Il primo pareggio di questa stagione gli lascia l’amaro in bocca, anche perché sperava di farsi un dolce regalo per i suoi 68 anni. E perché, almeno per i primi 45 di gioco, la Roma ha davvero accarezzato l’idea di accorciare le distanze con il Milan e portarsi nella sua scia. «Da questa partita usciamo più forti, visto che abbiamo giocato contro una grande squadra – dice alla fine il tecnico Gian Piero Gasperini -. Perdere sarebbe stata una beffa e anche il pareggio ci lascia un po’ di amaro in bocca. Fossimo andati in vantaggio avremmo avuto grandi possibilità di vincerla. Ma alla fine, per come si era messa, siamo contenti di aver pareggiato».
Al di là delle tante occasioni avute e non concretizzate, la Roma ha dato sempre la sensazione di poter essere pericolosa. «Abbiamo creato tanto, con qualità e giocate ricercate. Le occasioni sono arrivate mai da spunti individuali, ma sempre per una coralità di gioco.
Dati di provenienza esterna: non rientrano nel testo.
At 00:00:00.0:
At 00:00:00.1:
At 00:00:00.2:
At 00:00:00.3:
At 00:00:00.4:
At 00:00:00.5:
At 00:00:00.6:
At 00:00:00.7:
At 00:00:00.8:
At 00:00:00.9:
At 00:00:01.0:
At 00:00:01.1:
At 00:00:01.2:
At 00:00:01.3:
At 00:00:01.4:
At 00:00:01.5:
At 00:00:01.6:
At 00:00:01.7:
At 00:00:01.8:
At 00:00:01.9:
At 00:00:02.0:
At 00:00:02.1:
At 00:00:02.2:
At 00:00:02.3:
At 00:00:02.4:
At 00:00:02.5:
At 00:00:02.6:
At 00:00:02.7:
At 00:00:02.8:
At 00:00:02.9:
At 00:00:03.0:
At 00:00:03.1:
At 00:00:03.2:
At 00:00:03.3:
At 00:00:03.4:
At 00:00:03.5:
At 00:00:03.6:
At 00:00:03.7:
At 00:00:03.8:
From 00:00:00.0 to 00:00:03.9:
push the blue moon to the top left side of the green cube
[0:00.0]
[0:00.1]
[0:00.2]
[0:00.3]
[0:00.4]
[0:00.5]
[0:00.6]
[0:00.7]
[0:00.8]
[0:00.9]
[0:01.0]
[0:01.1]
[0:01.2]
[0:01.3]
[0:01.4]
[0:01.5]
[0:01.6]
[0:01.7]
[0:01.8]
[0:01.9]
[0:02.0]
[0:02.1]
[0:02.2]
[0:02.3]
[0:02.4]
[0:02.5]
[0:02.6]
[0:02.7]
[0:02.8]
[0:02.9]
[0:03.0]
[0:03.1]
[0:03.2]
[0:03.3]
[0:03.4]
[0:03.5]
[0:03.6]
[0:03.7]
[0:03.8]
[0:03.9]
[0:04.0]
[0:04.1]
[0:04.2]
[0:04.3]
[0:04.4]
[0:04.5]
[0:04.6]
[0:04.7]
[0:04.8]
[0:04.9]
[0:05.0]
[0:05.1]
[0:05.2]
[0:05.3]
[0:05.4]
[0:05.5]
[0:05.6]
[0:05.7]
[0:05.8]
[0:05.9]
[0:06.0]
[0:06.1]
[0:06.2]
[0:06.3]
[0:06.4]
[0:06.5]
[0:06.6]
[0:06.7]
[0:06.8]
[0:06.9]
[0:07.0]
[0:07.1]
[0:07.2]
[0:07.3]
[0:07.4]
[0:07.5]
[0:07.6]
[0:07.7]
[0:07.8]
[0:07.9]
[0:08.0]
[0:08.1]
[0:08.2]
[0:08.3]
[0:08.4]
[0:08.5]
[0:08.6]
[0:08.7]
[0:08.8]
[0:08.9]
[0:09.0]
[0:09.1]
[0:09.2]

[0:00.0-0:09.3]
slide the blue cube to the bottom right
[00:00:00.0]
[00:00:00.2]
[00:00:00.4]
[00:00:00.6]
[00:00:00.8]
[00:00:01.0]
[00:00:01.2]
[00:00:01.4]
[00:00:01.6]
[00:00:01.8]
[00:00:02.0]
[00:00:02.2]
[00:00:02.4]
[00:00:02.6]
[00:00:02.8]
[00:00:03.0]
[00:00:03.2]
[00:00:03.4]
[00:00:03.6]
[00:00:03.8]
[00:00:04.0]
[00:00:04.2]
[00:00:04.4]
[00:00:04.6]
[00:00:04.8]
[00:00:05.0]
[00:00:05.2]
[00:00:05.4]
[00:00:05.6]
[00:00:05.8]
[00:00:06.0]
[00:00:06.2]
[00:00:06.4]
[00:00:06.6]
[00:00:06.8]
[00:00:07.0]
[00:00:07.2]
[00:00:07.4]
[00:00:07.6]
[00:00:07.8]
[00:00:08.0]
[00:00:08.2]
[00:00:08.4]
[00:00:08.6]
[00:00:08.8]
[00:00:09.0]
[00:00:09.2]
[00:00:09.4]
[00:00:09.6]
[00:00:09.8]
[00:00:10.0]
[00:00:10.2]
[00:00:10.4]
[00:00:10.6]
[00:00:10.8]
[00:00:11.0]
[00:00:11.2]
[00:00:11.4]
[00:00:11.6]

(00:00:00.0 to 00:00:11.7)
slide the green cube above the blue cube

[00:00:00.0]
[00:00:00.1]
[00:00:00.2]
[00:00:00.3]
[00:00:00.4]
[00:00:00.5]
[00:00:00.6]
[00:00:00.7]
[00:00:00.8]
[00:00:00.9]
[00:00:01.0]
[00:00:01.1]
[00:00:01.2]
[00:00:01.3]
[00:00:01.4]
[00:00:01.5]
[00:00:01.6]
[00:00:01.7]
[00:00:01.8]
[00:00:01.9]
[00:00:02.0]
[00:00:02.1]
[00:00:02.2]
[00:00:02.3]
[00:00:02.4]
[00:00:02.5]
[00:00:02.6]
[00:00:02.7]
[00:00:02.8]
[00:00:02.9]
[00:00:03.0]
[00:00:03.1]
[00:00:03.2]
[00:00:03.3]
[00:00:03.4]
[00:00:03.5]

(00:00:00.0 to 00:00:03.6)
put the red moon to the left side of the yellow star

Cl mancano sempre quei famosi centimetri… E poi ci ha messo del suo Maignan, un portiere molto forte».
Tra l’altro, la Roma ha chiuso con due attaccanti come Vaz e Venturino, rispettivamente classe 2007 e 2006. Insomma, la dimostrazione anche di una bella dose di coraggio. «Questa sta diventando una squadra giovanissima – dice ancora Gasp, scherzandoci su -. Pensavo di dover lavorare con degli Under 25 e invece arrivano degli Under 20. Vuol dire che avremo una Primavera fortissima alle fasi finali…». Pellegrini e il futuro? «Le situazioni sono chiare da tempo: lui, El Shaarawy, Dybala e Celik sono tutti in scadenza. Ma stanno dando tutti il massimo per questa squadra, chi fa parte del futuro e chi no».